━━ EXCERPTED DATA
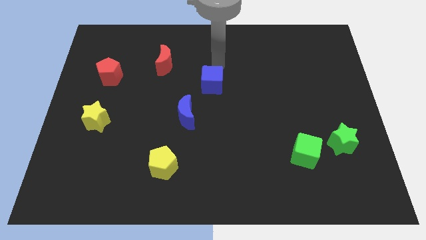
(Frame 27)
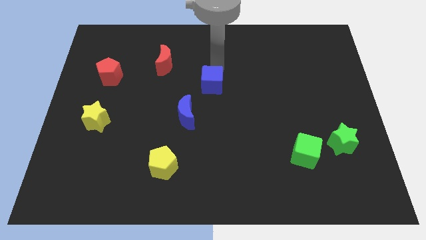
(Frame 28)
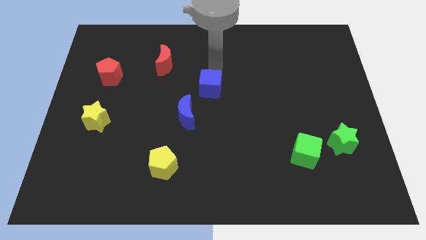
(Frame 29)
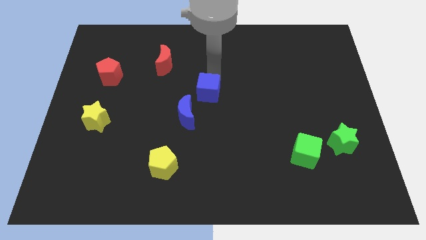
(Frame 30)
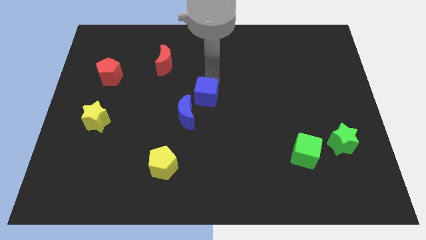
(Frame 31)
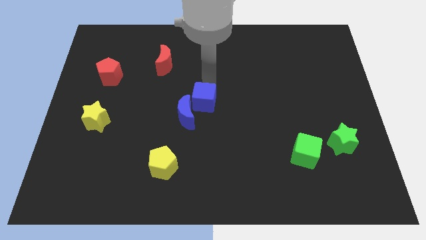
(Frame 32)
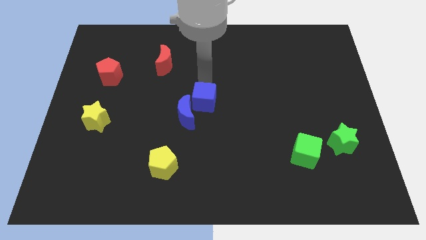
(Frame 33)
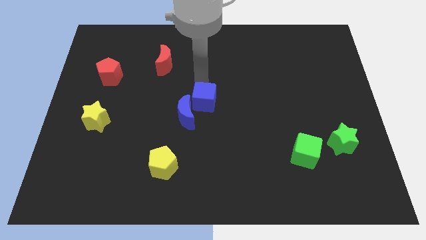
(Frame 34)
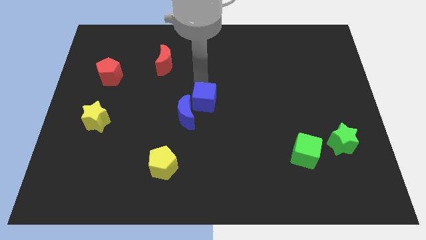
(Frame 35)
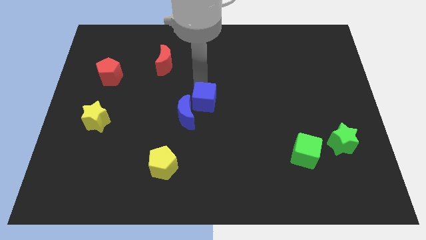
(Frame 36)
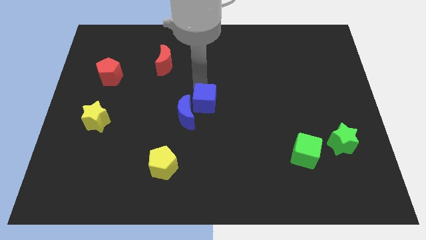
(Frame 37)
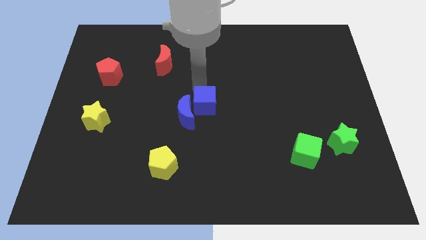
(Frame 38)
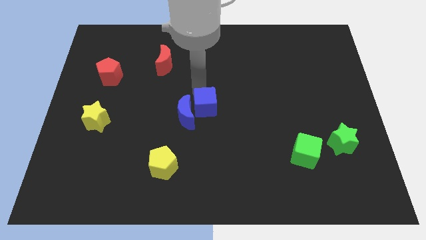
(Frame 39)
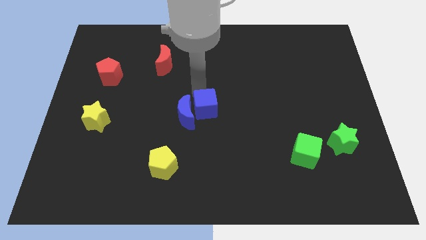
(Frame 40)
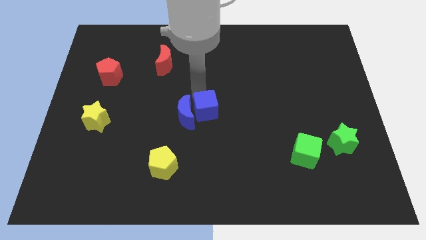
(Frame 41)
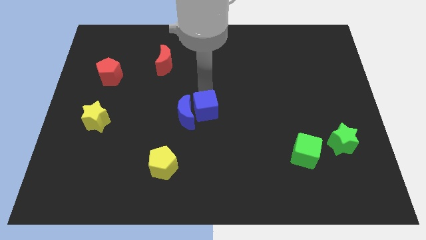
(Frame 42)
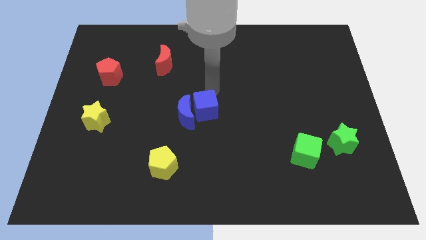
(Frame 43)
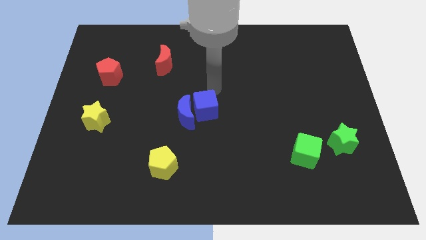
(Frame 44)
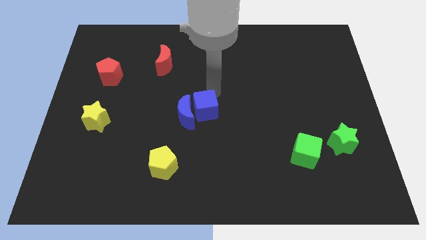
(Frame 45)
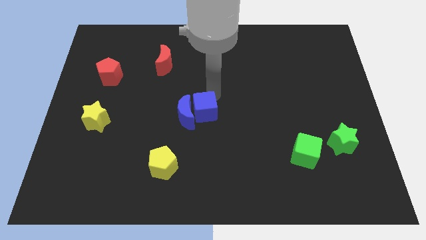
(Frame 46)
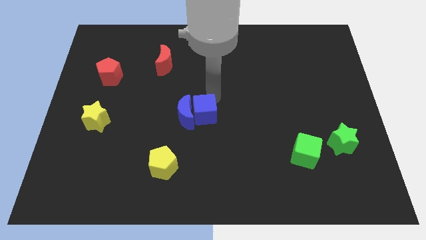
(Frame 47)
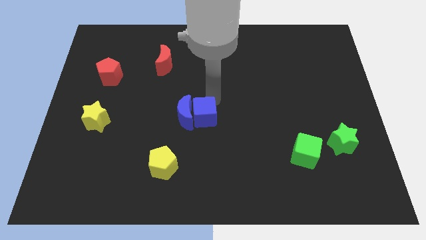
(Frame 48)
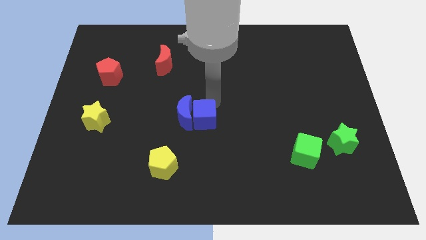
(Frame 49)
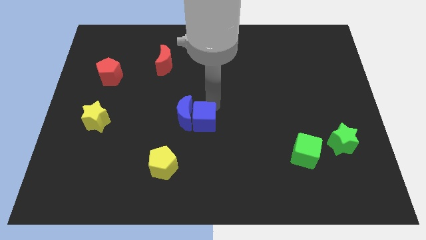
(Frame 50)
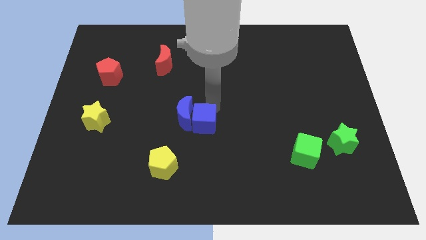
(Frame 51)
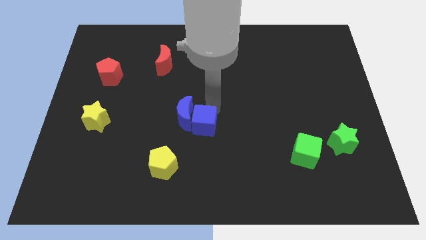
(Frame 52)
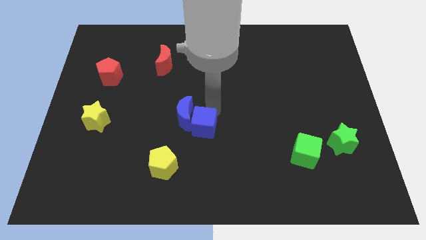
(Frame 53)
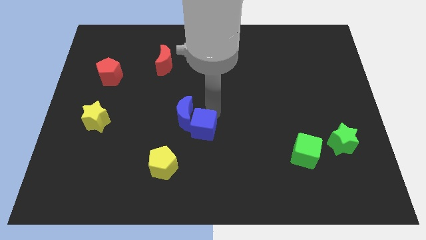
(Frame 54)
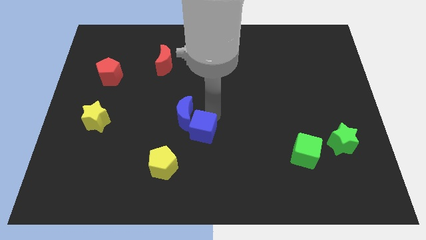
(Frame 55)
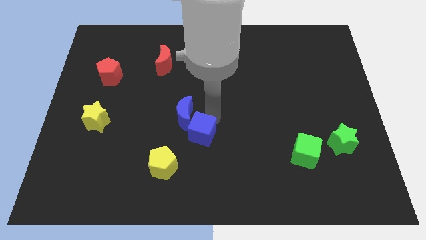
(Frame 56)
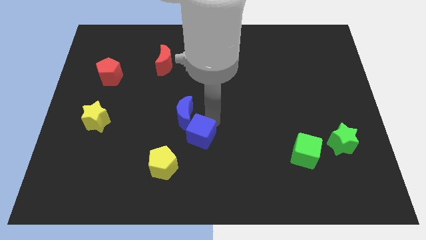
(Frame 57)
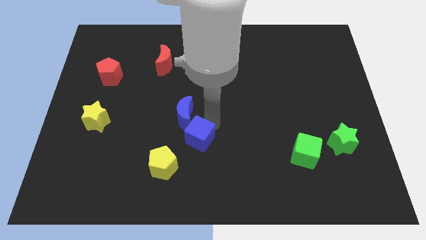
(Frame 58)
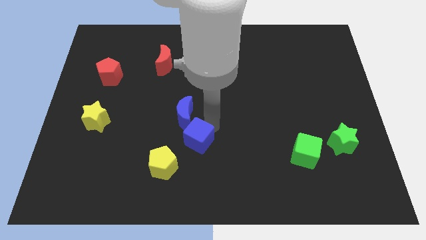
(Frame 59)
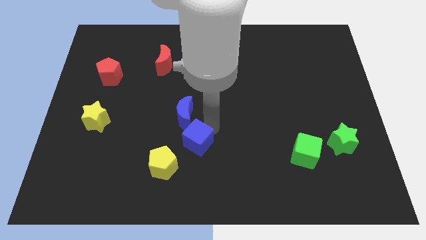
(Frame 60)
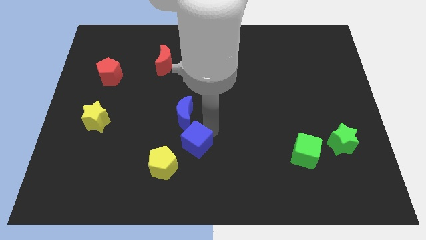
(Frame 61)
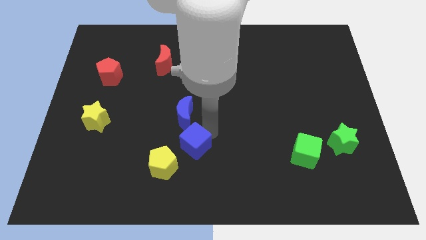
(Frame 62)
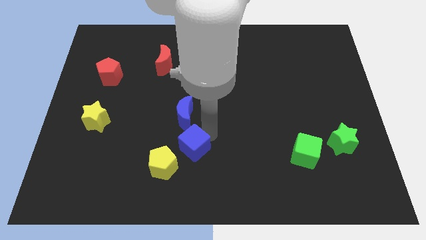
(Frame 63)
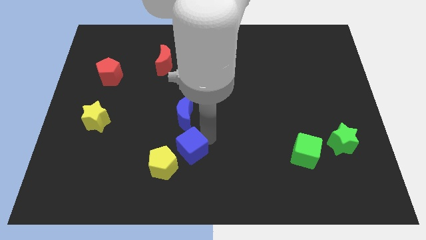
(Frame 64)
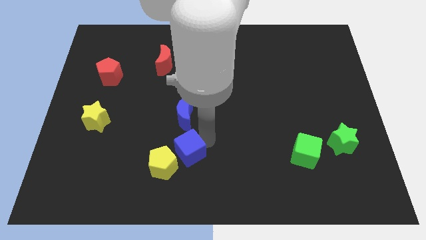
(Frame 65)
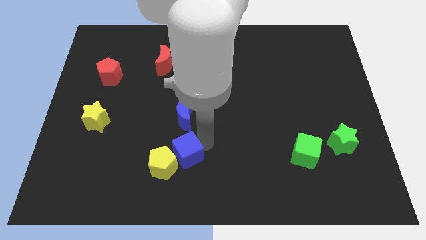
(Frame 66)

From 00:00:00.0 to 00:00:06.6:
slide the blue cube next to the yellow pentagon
━━━━
◆ WHAT TO PRODUCE
Verbatim copy, images excluded: transcribe all the entries above.

◆ RESULT
(Frame 27)
(Frame 28)
(Frame 29)
(Frame 30)
(Frame 31)
(Frame 32)
(Frame 33)
(Frame 34)
(Frame 35)
(Frame 36)
(Frame 37)
(Frame 38)
(Frame 39)
(Frame 40)
(Frame 41)
(Frame 42)
(Frame 43)
(Frame 44)
(Frame 45)
(Frame 46)
(Frame 47)
(Frame 48)
(Frame 49)
(Frame 50)
(Frame 51)
(Frame 52)
(Frame 53)
(Frame 54)
(Frame 55)
(Frame 56)
(Frame 57)
(Frame 58)
(Frame 59)
(Frame 60)
(Frame 61)
(Frame 62)
(Frame 63)
(Frame 64)
(Frame 65)
(Frame 66)

From 00:00:00.0 to 00:00:06.6:
slide the blue cube next to the yellow pentagon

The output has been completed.